I mimo że w skład projektu wchodzą wyśmienici muzycy, twierdzą, że nie oni są tu najważniejsi. – Celem zespołu jest stworzenie takiej atmosfery, by publiczność miała możliwość spotkania się z Bogiem, ale nie takim przeintelektualizowanym, lecz z Bogiem żywym – mówi ks. Marcin Moks, członek zespołu. – Wiemy, że nasze talenty dostaliśmy od Boga i chcemy przez nie oddawać Jemu chwałę. Człowiek właśnie do tego jest powołany – do wielbienia Boga. Na wieczorach chwały, które prowadzimy, staramy się nie zasłaniać sobą Jezusa.
Dlatego przez niemal dwie godziny zebrani adorowali Najświętszy Sakrament, słuchając słów Jana Pawła II i utworów zespołu EPA. Czy efekt został osiągnięty? – Było... Bosko! – opowiada z zachwytem Małgorzata Tryzno, która wraz z mężem przyjechała z Sulejówka, by wysłuchać koncertu. – Zupełnie nie spodziewałam się takiego obrotu sprawy. Nie pamiętam już, kiedy byłam tak długo na adoracji, więc pomysł wydaje mi się tym bardziej trafiony. Walory artystyczne zespołu, wspólna modlitwa, klimat uwielbienia i wyciszenia, spacer Jezusa Eucharystycznego wśród modlących się – rewelacja! – opowiada.

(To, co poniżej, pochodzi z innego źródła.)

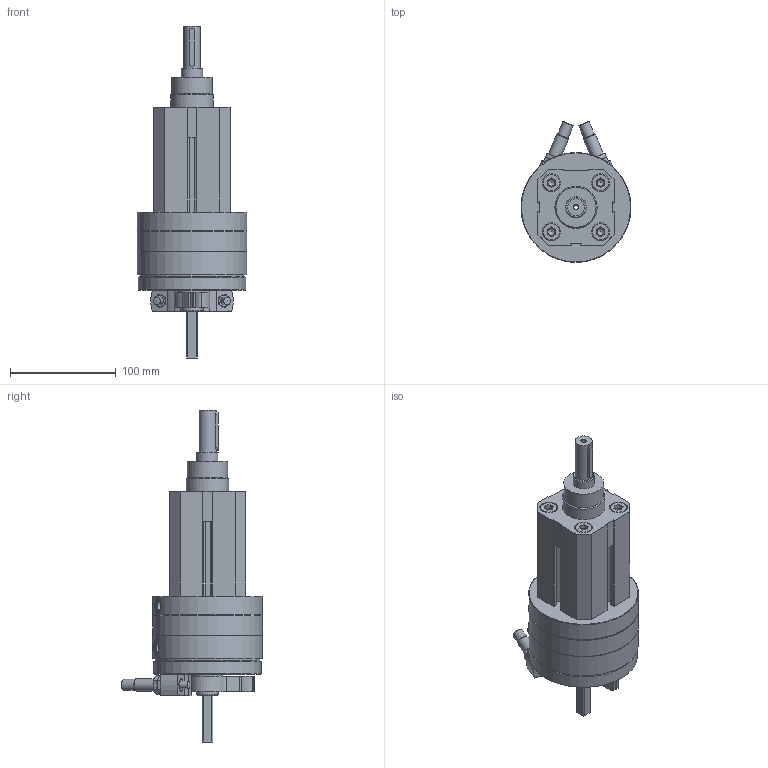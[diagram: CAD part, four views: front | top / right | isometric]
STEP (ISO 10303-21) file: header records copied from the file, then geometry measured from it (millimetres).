
FILE_DESCRIPTION(/* description */ ('STEP AP214'),/* implementation_level */ '2;1');
FILE_NAME(/* name */ '556502_DSL-32-25-270-CC-A-S20-B',/* time_stamp */ '2024-08-21T16:25:58+02:00',/* author */ ('License CC BY-ND 4.0'),/* organization */ ('CADENAS'),/* preprocessor_version */ 'ST-DEVELOPER v19.3',/* originating_system */ 'PARTsolutions',/* authorisation */ ' ');
FILE_SCHEMA (('AUTOMOTIVE_DESIGN {1 0 10303 214 3 1 1}'));
Length unit declared in the file: millimetre
Products named in the file (11): 556502 DSL-32-25-270-CC-A-S20-B---(0_0); 556502 DSL-32-25-270-CC-A-S20-B-25_bz; 704065 DSM-32-BR---(HZ); 548013 DYSC-8-8-Y1F---(SD_0); 342622 DSM-32_NS; DIN-912 - M6x25(F); 348987 SPZ-20 M12X1-4-15; 704064 DSM-32-BL---(HZ); 556502 DSL-25_k; 306998 DSL; Shim ring DIN 988 20x28x2
Assembly tree (16 placements, depth 2):
  556502 DSL-32-25-270-CC-A-S20-B---(0_0)
    556502 DSL-32-25-270-CC-A-S20-B-25_bz
    704065 DSM-32-BR---(HZ)
    548013 DYSC-8-8-Y1F---(SD_0)  x2
    342622 DSM-32_NS  x2
    DIN-912 - M6x25(F)  x2
    348987 SPZ-20 M12X1-4-15  x4
    704064 DSM-32-BL---(HZ)
    556502 DSL-25_k
    306998 DSL
    Shim ring DIN 988 20x28x2
Bounding box: 104 x 133.41 x 314 mm (x, y, z)
Volume: 1103036.2 mm3; surface area: 157377.5 mm2
Topology: 16 solids, 16 shells, 559 faces, 1350 edges, 856 vertices
Faces by surface type: plane 295, cylinder 175, cone 87, sphere 2
Full cylindrical faces by diameter (mm): 1.567 x2, 1.9 x2, 4 x4, 4.2 x1, 4.917 x2, 6 x2, 6.6 x2, 6.647 x4, 7 x4, 8 x4, 8.566 x4, 10 x2, 10.4 x2, 10.917 x6, 11 x2, 12 x2, 13.5 x1, 15 x4, 16 x1, 17 x4, 20 x5, 28 x1, 38 x1, 40 x1, 43 x1, 49 x1, 63 x1, 72 x1, 98.5 x1, 101.5 x1
Entity records: 13202 total; most frequent: CARTESIAN_POINT 2352, DIRECTION 2291, ORIENTED_EDGE 1970, EDGE_CURVE 985, AXIS2_PLACEMENT_3D 860, VERTEX_POINT 697, FACE_BOUND 634, EDGE_LOOP 627
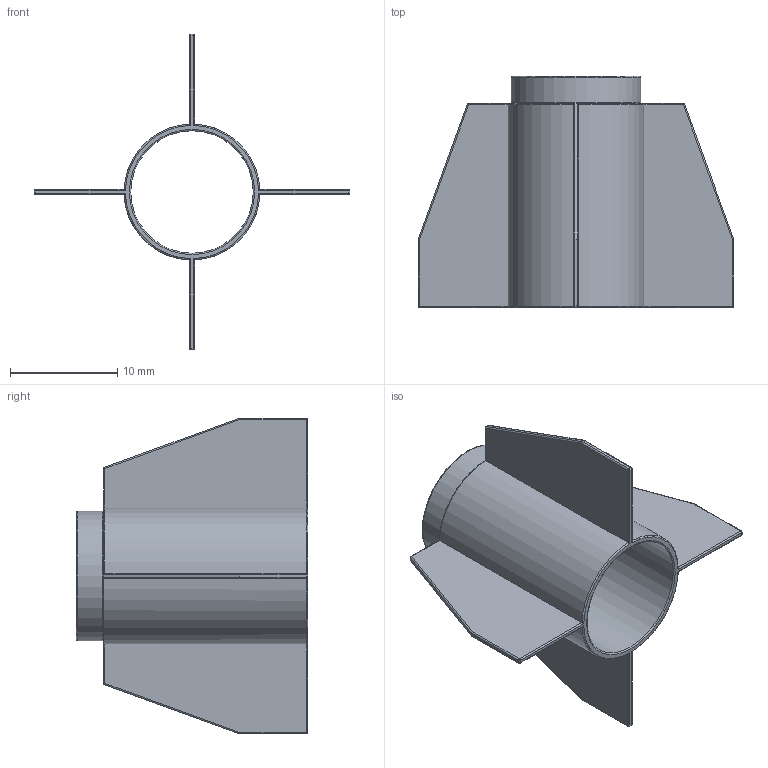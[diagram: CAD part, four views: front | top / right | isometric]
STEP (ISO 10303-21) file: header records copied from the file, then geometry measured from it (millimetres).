
FILE_DESCRIPTION(/* description */ (''),/* implementation_level */ '2;1');
FILE_NAME(/* name */ 'Rocket Fins v1.step',/* time_stamp */ '2023-05-20T11:45:14-04:00',/* author */ (''),/* organization */ (''),/* preprocessor_version */ 'ST-DEVELOPER v19.2',/* originating_system */ 'Autodesk Translation Framework v12.4.0.73',/* authorisation */ '');
FILE_SCHEMA (('AUTOMOTIVE_DESIGN { 1 0 10303 214 3 1 1 }'));
Length unit declared in the file: inch
Products named in the file (1): Rocket Fins
Bounding box: 29.48 x 21.59 x 29.48 mm (x, y, z)
Volume: 752.1 mm3; surface area: 2724.8 mm2
Topology: 1 solids, 1 shells, 86 faces, 187 edges, 104 vertices
Faces by surface type: cylinder 44, plane 19, sphere 12, torus 11
Full cylindrical faces by diameter (mm): 11.43 x1, 12.065 x1
Entity records: 2538 total; most frequent: CARTESIAN_POINT 608, DIRECTION 424, ORIENTED_EDGE 374, EDGE_CURVE 187, AXIS2_PLACEMENT_3D 166, VERTEX_POINT 104, LINE 92, VECTOR 92
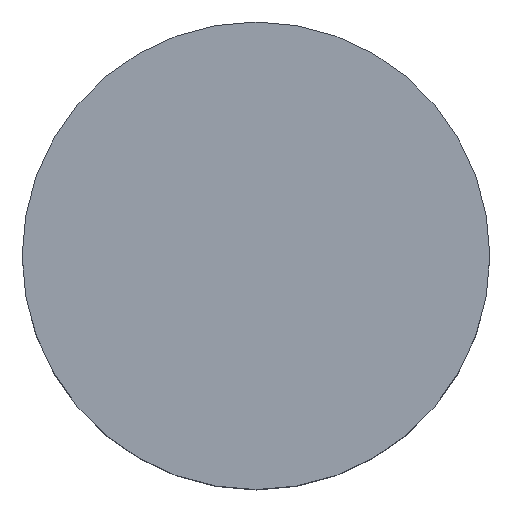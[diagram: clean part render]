
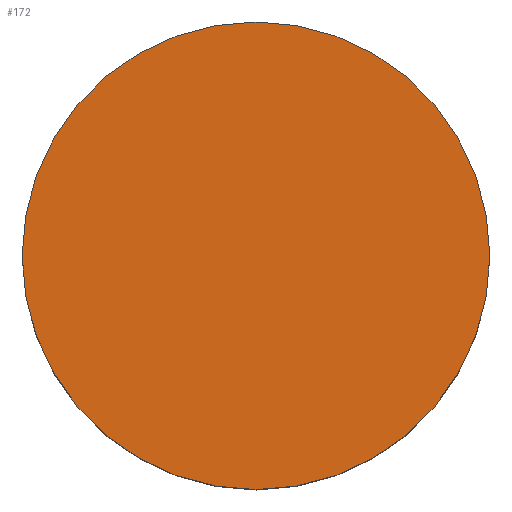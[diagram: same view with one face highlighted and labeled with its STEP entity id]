
A CAD part, top view. The second image highlights one B-rep face of the part: STEP entity #172.
In plain terms, the highlighted planar face has unit normal (0, 0, 1).
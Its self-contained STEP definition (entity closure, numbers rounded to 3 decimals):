
#87=ORIENTED_EDGE('',*,*,#101,.F.);
#93=CIRCLE('',#160,12.5);
#97=VERTEX_POINT('',#147);
#101=EDGE_CURVE('',#97,#97,#93,.T.);
#107=EDGE_LOOP('',(#87));
#115=FACE_BOUND('',#107,.T.);
#127=DIRECTION('',(0.,0.,-1.));
#128=DIRECTION('',(0.,-12.5,0.));
#129=DIRECTION('',(0.,0.,1.));
#130=DIRECTION('',(0.,-1.,0.));
#147=CARTESIAN_POINT('',(9.173,-7.551,12.));
#148=CARTESIAN_POINT('',(9.173,4.949,12.));
#149=CARTESIAN_POINT('',(-4.327,-8.551,12.));
#160=AXIS2_PLACEMENT_3D('',#148,#127,#128);
#161=AXIS2_PLACEMENT_3D('',#149,#129,#130);
#168=PLANE('',#161);
#172=ADVANCED_FACE('',(#115),#168,.T.);
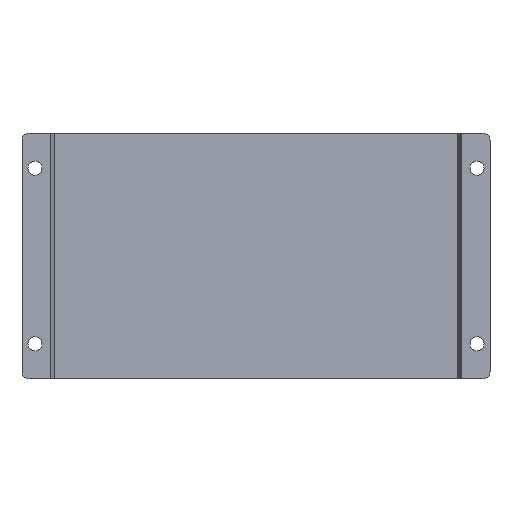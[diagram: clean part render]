
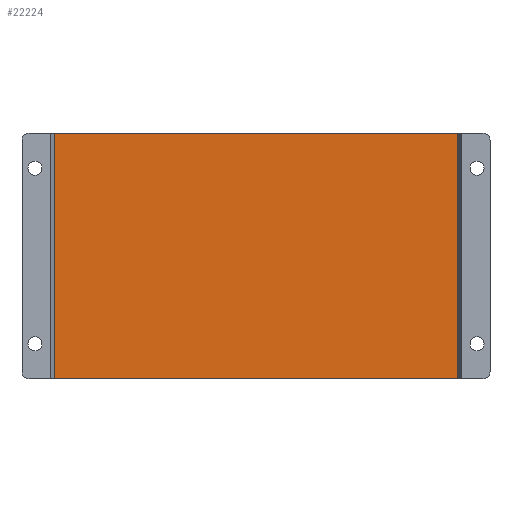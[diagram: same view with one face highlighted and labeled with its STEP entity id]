
A CAD part, front view. The second image highlights one B-rep face of the part: STEP entity #22224.
In plain terms, the highlighted planar face has unit normal (0, -1, 0).
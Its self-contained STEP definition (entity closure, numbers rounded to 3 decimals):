
#680 = DIRECTION ( 'NONE',  ( 1., 0., 0. ) ) ;
#812 = EDGE_LOOP ( 'NONE', ( #12783, #21974, #13435, #13683 ) ) ;
#1262 = VECTOR ( 'NONE', #7494, 1000. ) ;
#1791 = VECTOR ( 'NONE', #15715, 1000. ) ;
#1921 = AXIS2_PLACEMENT_3D ( 'NONE', #16743, #4238, #18612 ) ;
#2177 = VECTOR ( 'NONE', #680, 1000. ) ;
#4199 = CARTESIAN_POINT ( 'NONE',  ( 57.5, 3., 0. ) ) ;
#4238 = DIRECTION ( 'NONE',  ( 0., 1., 0. ) ) ;
#4308 = CARTESIAN_POINT ( 'NONE',  ( -57.5, 3., 0. ) ) ;
#5197 = DIRECTION ( 'NONE',  ( 0., 0., -1. ) ) ;
#5362 = EDGE_CURVE ( 'NONE', #13284, #5431, #6246, .T. ) ;
#5431 = VERTEX_POINT ( 'NONE', #4199 ) ;
#5757 = CARTESIAN_POINT ( 'NONE',  ( -57.5, 3., 70. ) ) ;
#5955 = FACE_OUTER_BOUND ( 'NONE', #812, .T. ) ;
#6041 = VECTOR ( 'NONE', #5197, 1000. ) ;
#6246 = LINE ( 'NONE', #4308, #2177 ) ;
#7494 = DIRECTION ( 'NONE',  ( 1., 0., 0. ) ) ;
#10156 = CARTESIAN_POINT ( 'NONE',  ( -57.5, 3., 70. ) ) ;
#11248 = PLANE ( 'NONE',  #1921 ) ;
#12059 = CARTESIAN_POINT ( 'NONE',  ( 57.5, 3., 70. ) ) ;
#12783 = ORIENTED_EDGE ( 'NONE', *, *, #5362, .T. ) ;
#13284 = VERTEX_POINT ( 'NONE', #16937 ) ;
#13290 = CARTESIAN_POINT ( 'NONE',  ( -57.5, 3., 70. ) ) ;
#13435 = ORIENTED_EDGE ( 'NONE', *, *, #19824, .F. ) ;
#13683 = ORIENTED_EDGE ( 'NONE', *, *, #20901, .T. ) ;
#13750 = EDGE_CURVE ( 'NONE', #16195, #5431, #17236, .T. ) ;
#15715 = DIRECTION ( 'NONE',  ( 0., 0., -1. ) ) ;
#16195 = VERTEX_POINT ( 'NONE', #18962 ) ;
#16743 = CARTESIAN_POINT ( 'NONE',  ( -57.5, 3., 70. ) ) ;
#16937 = CARTESIAN_POINT ( 'NONE',  ( -57.5, 3., 0. ) ) ;
#17175 = LINE ( 'NONE', #10156, #6041 ) ;
#17236 = LINE ( 'NONE', #12059, #1791 ) ;
#18612 = DIRECTION ( 'NONE',  ( -1., 0., 0. ) ) ;
#18962 = CARTESIAN_POINT ( 'NONE',  ( 57.5, 3., 70. ) ) ;
#19800 = LINE ( 'NONE', #5757, #1262 ) ;
#19824 = EDGE_CURVE ( 'NONE', #20434, #16195, #19800, .T. ) ;
#20434 = VERTEX_POINT ( 'NONE', #13290 ) ;
#20901 = EDGE_CURVE ( 'NONE', #20434, #13284, #17175, .T. ) ;
#21974 = ORIENTED_EDGE ( 'NONE', *, *, #13750, .F. ) ;
#22224 = ADVANCED_FACE ( 'NONE', ( #5955 ), #11248, .F. ) ;
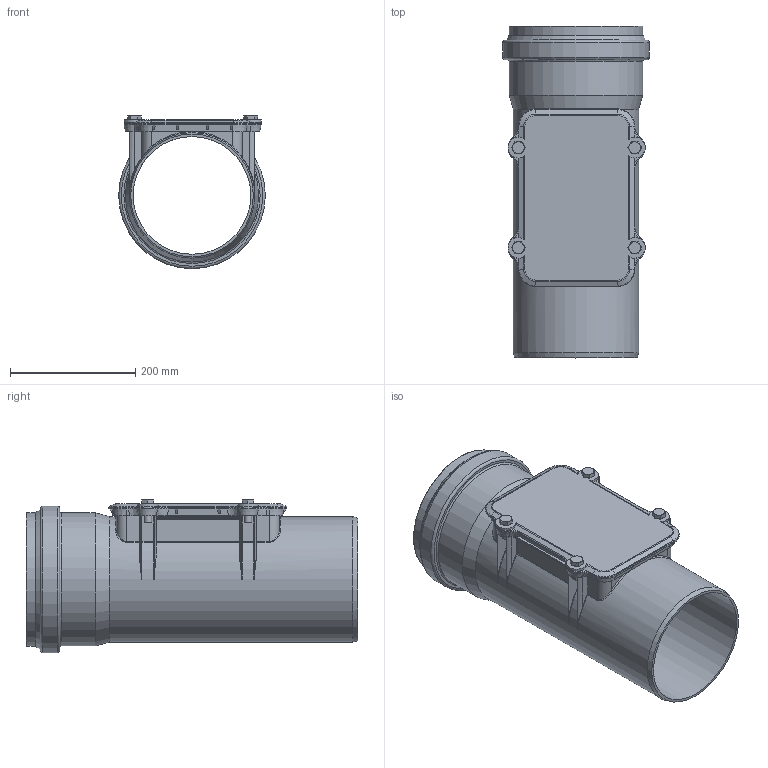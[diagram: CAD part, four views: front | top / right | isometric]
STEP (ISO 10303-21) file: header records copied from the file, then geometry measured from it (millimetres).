
FILE_DESCRIPTION(/* description */ (''),/* implementation_level */ '2;1');
FILE_NAME(/* name */ '778610 KG2000RE Reinigungsrohr DN_OD 200 Zusammenbau.stp',/* time_stamp */ '2017-01-30T13:39:10+01:00',/* author */ ('user1'),/* organization */ (''),/* preprocessor_version */ 'ST-DEVELOPER v16.1',/* originating_system */ 'Autodesk Inventor 2016',/* authorisation */ '');
FILE_SCHEMA (('AUTOMOTIVE_DESIGN { 1 0 10303 214 3 1 1 }'));
Length unit declared in the file: millimetre
Products named in the file (4): 778610 KG2000RE Reinigungsrohr DN_OD 200; 778610 KG2000RE Reinigungsrohr DN_OD 200 Deckel; DIN 933 - M12  x 30; 778610 KG2000RE Reinigungsrohr DN_OD 200 Zusammenbau
Assembly tree (6 placements, depth 2):
  778610 KG2000RE Reinigungsrohr DN_OD 200 Zusammenbau
    778610 KG2000RE Reinigungsrohr DN_OD 200
    778610 KG2000RE Reinigungsrohr DN_OD 200 Deckel
    DIN 933 - M12  x 30  x4
Bounding box: 234.2 x 530 x 245.1 mm (x, y, z)
Volume: 2532222.8 mm3; surface area: 897578.4 mm2
Topology: 6 solids, 6 shells, 1335 faces, 3246 edges, 1810 vertices
Faces by surface type: cylinder 449, bspline 358, plane 330, torus 106, cone 84, sphere 8
Full cylindrical faces by diameter (mm): 11.053 x4, 12 x4, 13 x4, 16 x4, 17.2 x4, 187.9 x1, 200.3 x1, 201.5 x1, 202.5 x2, 212.7 x1, 213.7 x1, 223 x1, 234.2 x1
Entity records: 45179 total; most frequent: CARTESIAN_POINT 16817, DIRECTION 5993, ORIENTED_EDGE 5876, EDGE_CURVE 2938, AXIS2_PLACEMENT_3D 2412, VERTEX_POINT 1731, EDGE_LOOP 1345, FACE_OUTER_BOUND 1269
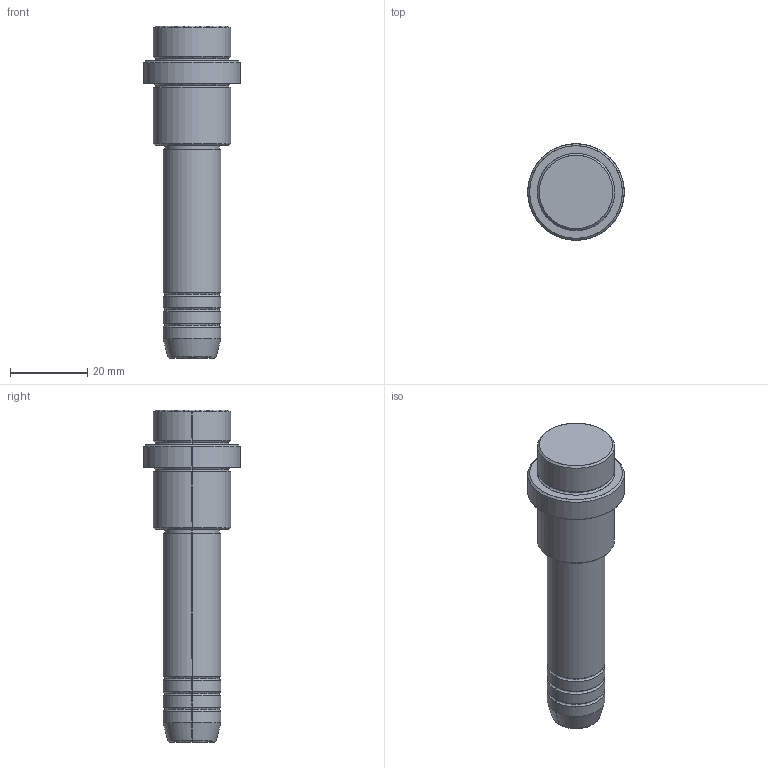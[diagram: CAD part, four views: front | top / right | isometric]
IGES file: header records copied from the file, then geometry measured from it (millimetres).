
Start section: SolidWorks IGES file using analytic representation for surfaces
Global section: file name: 8fc9.IGS; native system: SolidWorks 2019; preprocessor: SolidWorks 2019; author: Model3D; date: 240103.070409; units: millimetre
Bounding box: 25 x 25 x 86 mm (x, y, z)
Surface area: 5658.5 mm2 (no closed solid volume)
Topology: 0 solids, 0 shells, 52 faces, 504 edges, 504 vertices
Faces by surface type: bspline 28, revolution 24
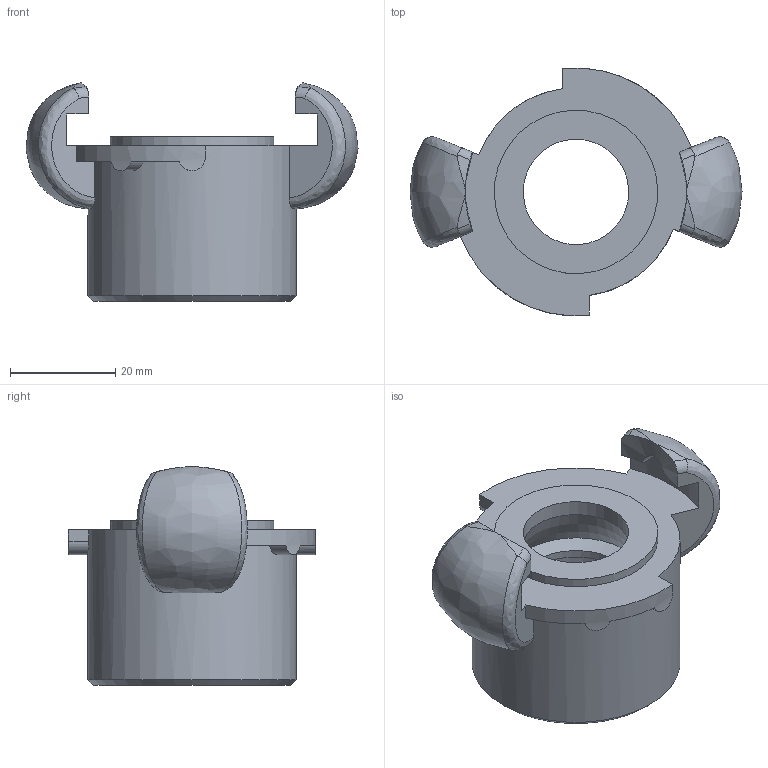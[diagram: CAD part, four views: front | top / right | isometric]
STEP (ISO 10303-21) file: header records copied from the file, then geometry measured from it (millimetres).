
FILE_DESCRIPTION(/* description */ (''),/* implementation_level */ '2;1');
FILE_NAME(/* name */ 'eki_10_v.stp',/* time_stamp */ '2022-09-17T10:29:46+02:00',/* author */ ('meier'),/* organization */ (''),/* preprocessor_version */ 'ST-DEVELOPER v18.1',/* originating_system */ 'Autodesk Inventor 2022',/* authorisation */ '0 mm^3');
FILE_SCHEMA (('AUTOMOTIVE_DESIGN { 1 0 10303 214 3 1 1 }'));
Length unit declared in the file: millimetre
Products named in the file (1): ENG-000601
Bounding box: 62.97 x 47 x 41.41 mm (x, y, z)
Volume: 25651.1 mm3; surface area: 12952.8 mm2
Topology: 1 solids, 2 shells, 62 faces, 160 edges, 106 vertices
Faces by surface type: plane 22, cylinder 21, bspline 6, torus 5, cone 4, sphere 4
Full cylindrical faces by diameter (mm): 20 x1, 21 x1, 28.5 x1, 30.291 x1, 31 x2, 34 x1, 35 x1, 39.5 x1
Entity records: 2776 total; most frequent: CARTESIAN_POINT 1193, ORIENTED_EDGE 320, DIRECTION 279, EDGE_CURVE 160, AXIS2_PLACEMENT_3D 112, VERTEX_POINT 106, EDGE_LOOP 70, STYLED_ITEM 63

Jej mąż, muzyk z wykształcenia, dodaje, że "na rynku muzycznym jest tyle chłamu opakowanego w piękne pudełka, a tu wystąpił wspaniały, profesjonalny zespół". – Niesamowite brzmienie, piękne wokale, bogactwo instrumentów, jestem pod wrażeniem – mówi Janusz Tryzno. Chyba tego samego zdania była reszta zebranych, gdyż na koniec muzycy nagrodzeni zostali oklaskami na stojąco, a płyty, które można było kupić po modlitwie, rozeszły się jak świeże bułeczki.